» Task instructions
The records below must be written out exactly, with every picture left behind.

» Extracted records

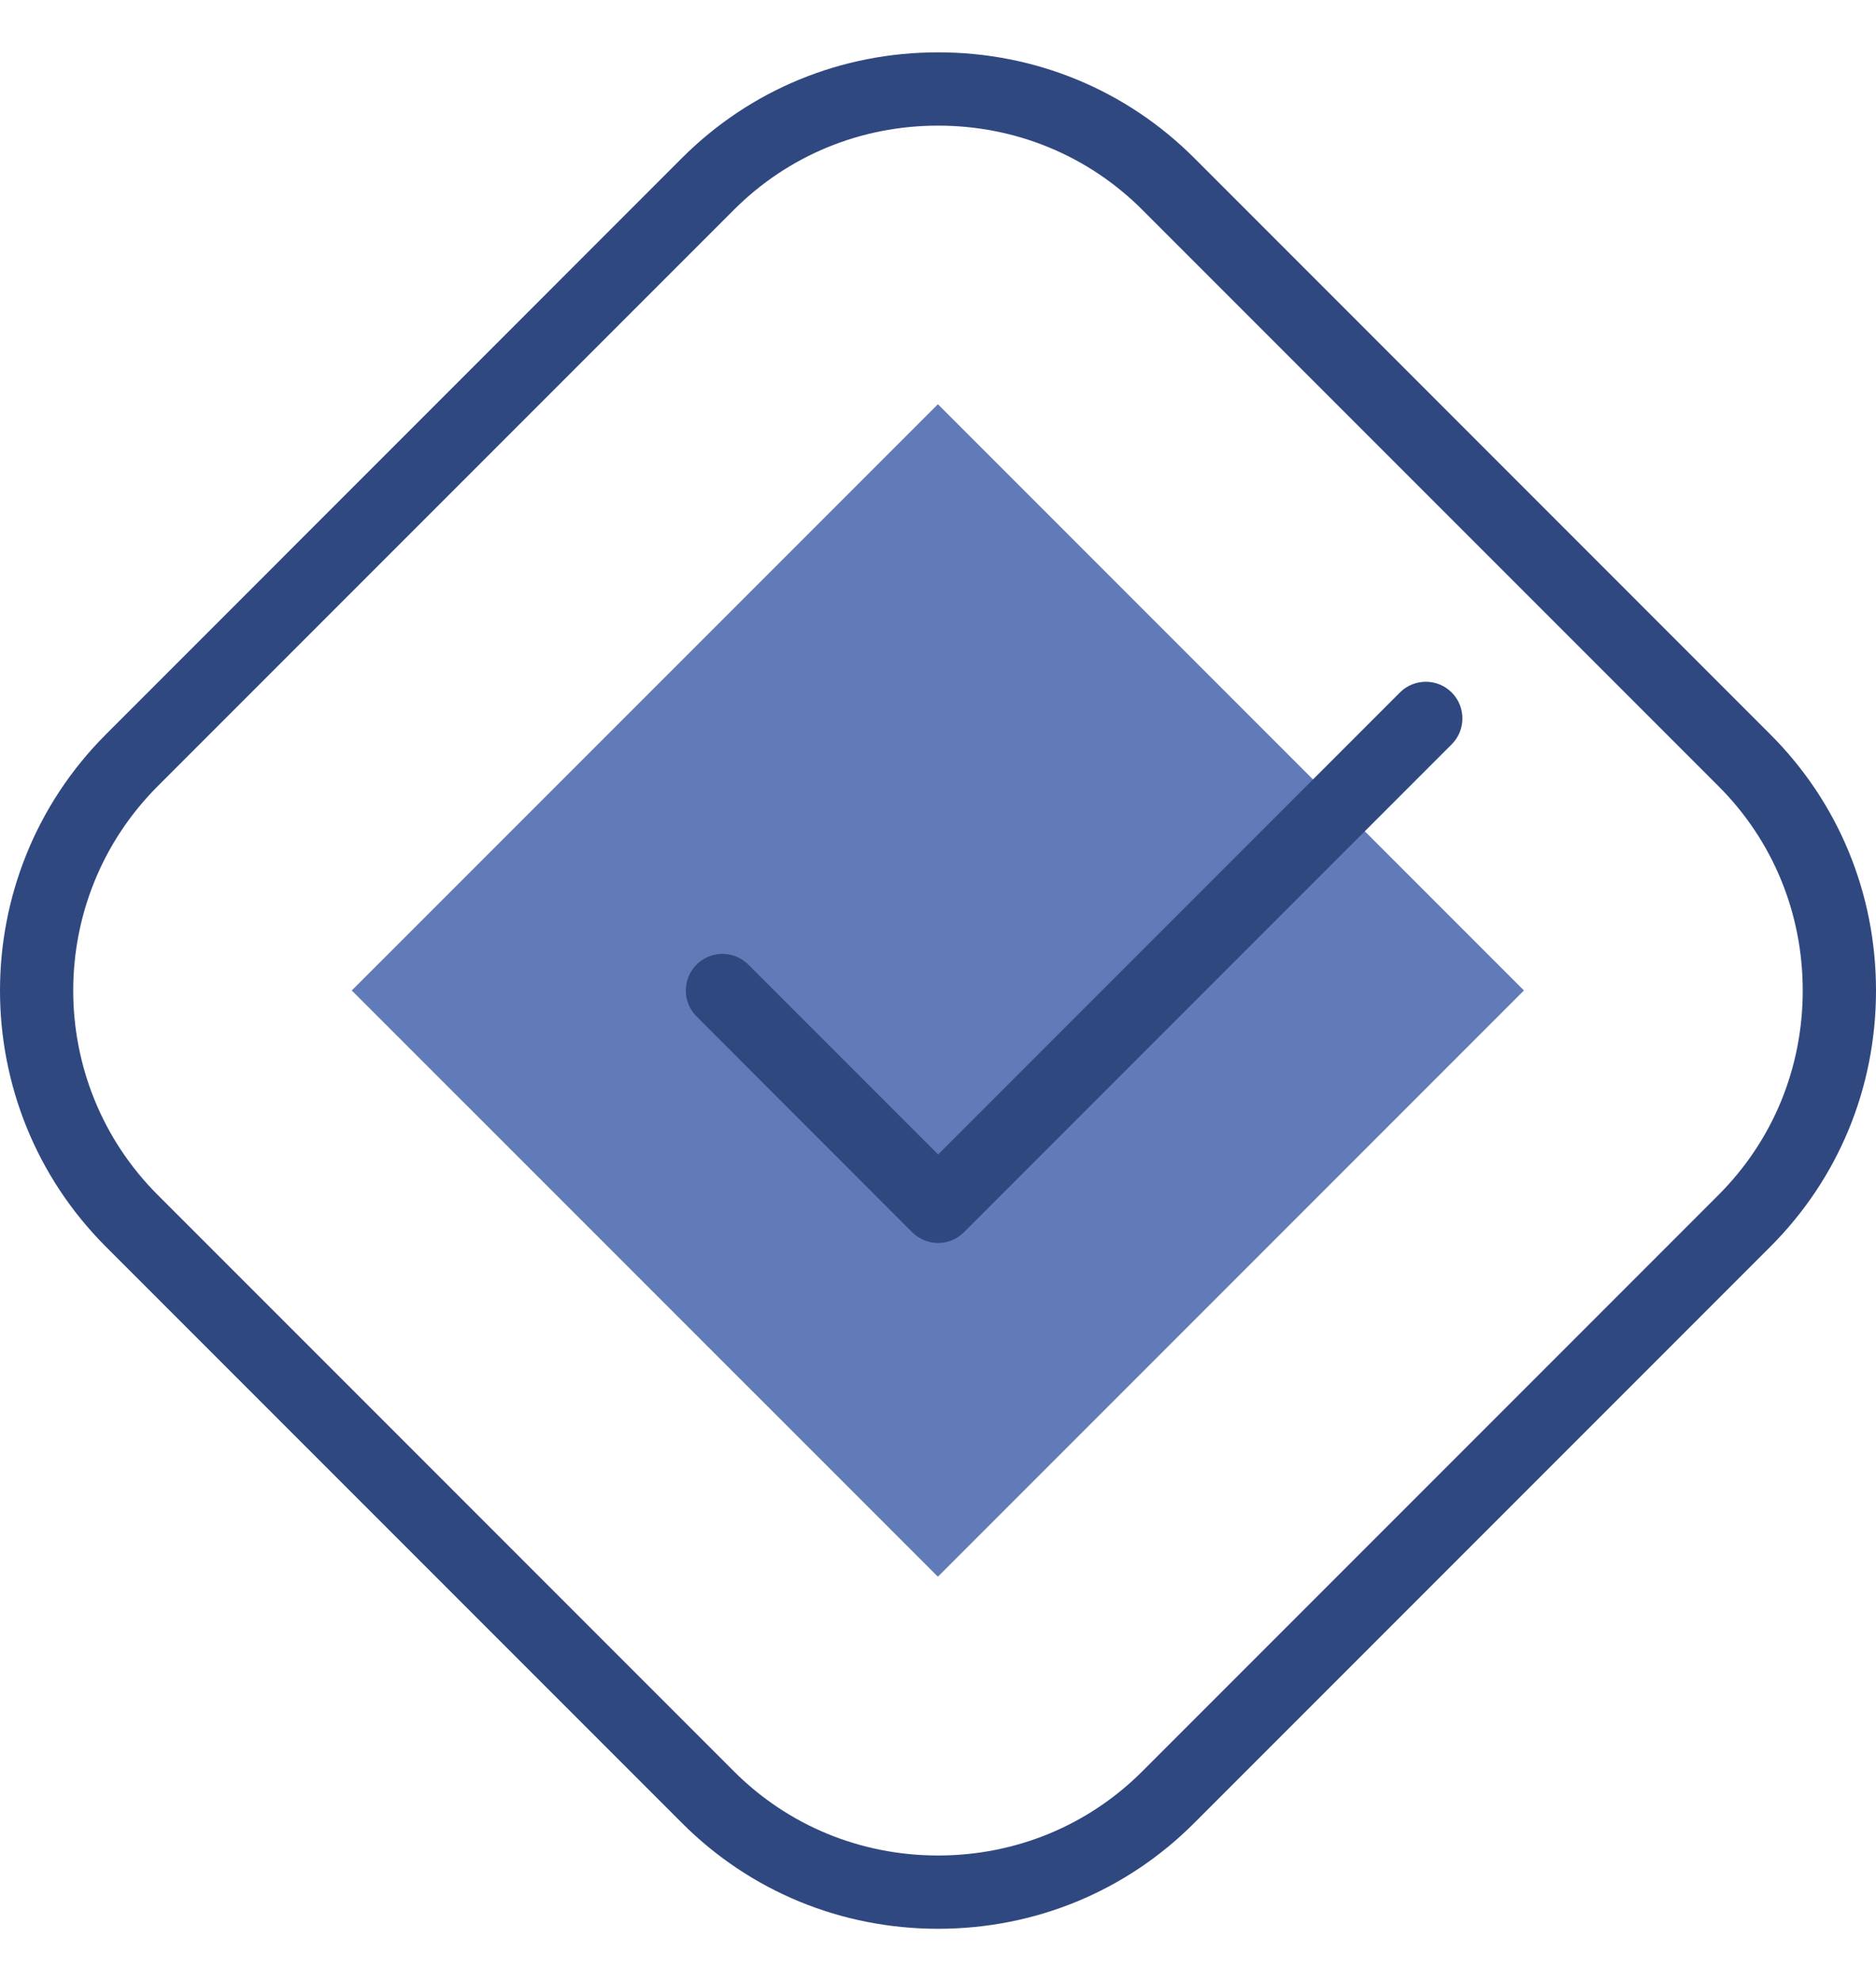 <svg width="18" height="19" viewBox="0 0 18 19" fill="none" xmlns="http://www.w3.org/2000/svg">
<g clip-path="url(#clip0_132_1523)">
<path fill-rule="evenodd" clip-rule="evenodd" d="M3.375 9.5L8.999 3.877L14.622 9.5L8.999 15.123L3.375 9.5Z" fill="#617BB9"/>
<path d="M9.001 18.5C8.07 18.5 7.197 18.14 6.543 17.485L1.017 11.959C-0.339 10.604 -0.339 8.398 1.017 7.043L6.543 1.516C7.197 0.862 8.07 0.502 9.001 0.502C9.932 0.502 10.805 0.862 11.459 1.516L16.985 7.043C17.64 7.697 18 8.57 18 9.501C18 10.432 17.64 11.305 16.985 11.959L11.459 17.485C10.805 18.14 9.932 18.5 9.001 18.5ZM9.001 1.205C8.258 1.205 7.561 1.492 7.04 2.014L1.514 7.54C0.432 8.621 0.432 10.381 1.514 11.462L7.04 16.988C7.561 17.51 8.258 17.797 9.001 17.797C9.744 17.797 10.441 17.51 10.962 16.988L16.488 11.462C17.01 10.941 17.297 10.244 17.297 9.501C17.297 8.758 17.01 8.061 16.488 7.54L10.962 2.014C10.441 1.492 9.744 1.205 9.001 1.205Z" fill="#304880"/>
<path d="M9.001 11.922C8.911 11.922 8.821 11.887 8.752 11.819L6.683 9.749C6.546 9.612 6.546 9.39 6.683 9.252C6.82 9.115 7.043 9.115 7.18 9.252L9.001 11.073L13.432 6.642C13.569 6.505 13.792 6.505 13.929 6.642C14.066 6.779 14.066 7.002 13.929 7.139L9.249 11.819C9.181 11.887 9.091 11.922 9.001 11.922Z" fill="#304880"/>
</g>
<defs>
<clipPath id="clip0_132_1523">
<rect width="18" height="18" fill="white" transform="translate(0 0.5)"/>
</clipPath>
</defs>
</svg>

» Response to the exercise
 <svg width="18" height="19" viewBox="0 0 18 19" fill="none" xmlns="http://www.w3.org/2000/svg">
<g clip-path="url(#clip0_132_1523)">
<path fill-rule="evenodd" clip-rule="evenodd" d="M3.375 9.5L8.999 3.877L14.622 9.5L8.999 15.123L3.375 9.5Z" fill="#617BB9"/>
<path d="M9.001 18.5C8.07 18.5 7.197 18.14 6.543 17.485L1.017 11.959C-0.339 10.604 -0.339 8.398 1.017 7.043L6.543 1.516C7.197 0.862 8.07 0.502 9.001 0.502C9.932 0.502 10.805 0.862 11.459 1.516L16.985 7.043C17.64 7.697 18 8.57 18 9.501C18 10.432 17.64 11.305 16.985 11.959L11.459 17.485C10.805 18.14 9.932 18.5 9.001 18.5ZM9.001 1.205C8.258 1.205 7.561 1.492 7.04 2.014L1.514 7.54C0.432 8.621 0.432 10.381 1.514 11.462L7.04 16.988C7.561 17.51 8.258 17.797 9.001 17.797C9.744 17.797 10.441 17.51 10.962 16.988L16.488 11.462C17.01 10.941 17.297 10.244 17.297 9.501C17.297 8.758 17.01 8.061 16.488 7.54L10.962 2.014C10.441 1.492 9.744 1.205 9.001 1.205Z" fill="#304880"/>
<path d="M9.001 11.922C8.911 11.922 8.821 11.887 8.752 11.819L6.683 9.749C6.546 9.612 6.546 9.39 6.683 9.252C6.82 9.115 7.043 9.115 7.18 9.252L9.001 11.073L13.432 6.642C13.569 6.505 13.792 6.505 13.929 6.642C14.066 6.779 14.066 7.002 13.929 7.139L9.249 11.819C9.181 11.887 9.091 11.922 9.001 11.922Z" fill="#304880"/>
</g>
<defs>
<clipPath id="clip0_132_1523">
<rect width="18" height="18" fill="white" transform="translate(0 0.5)"/>
</clipPath>
</defs>
</svg>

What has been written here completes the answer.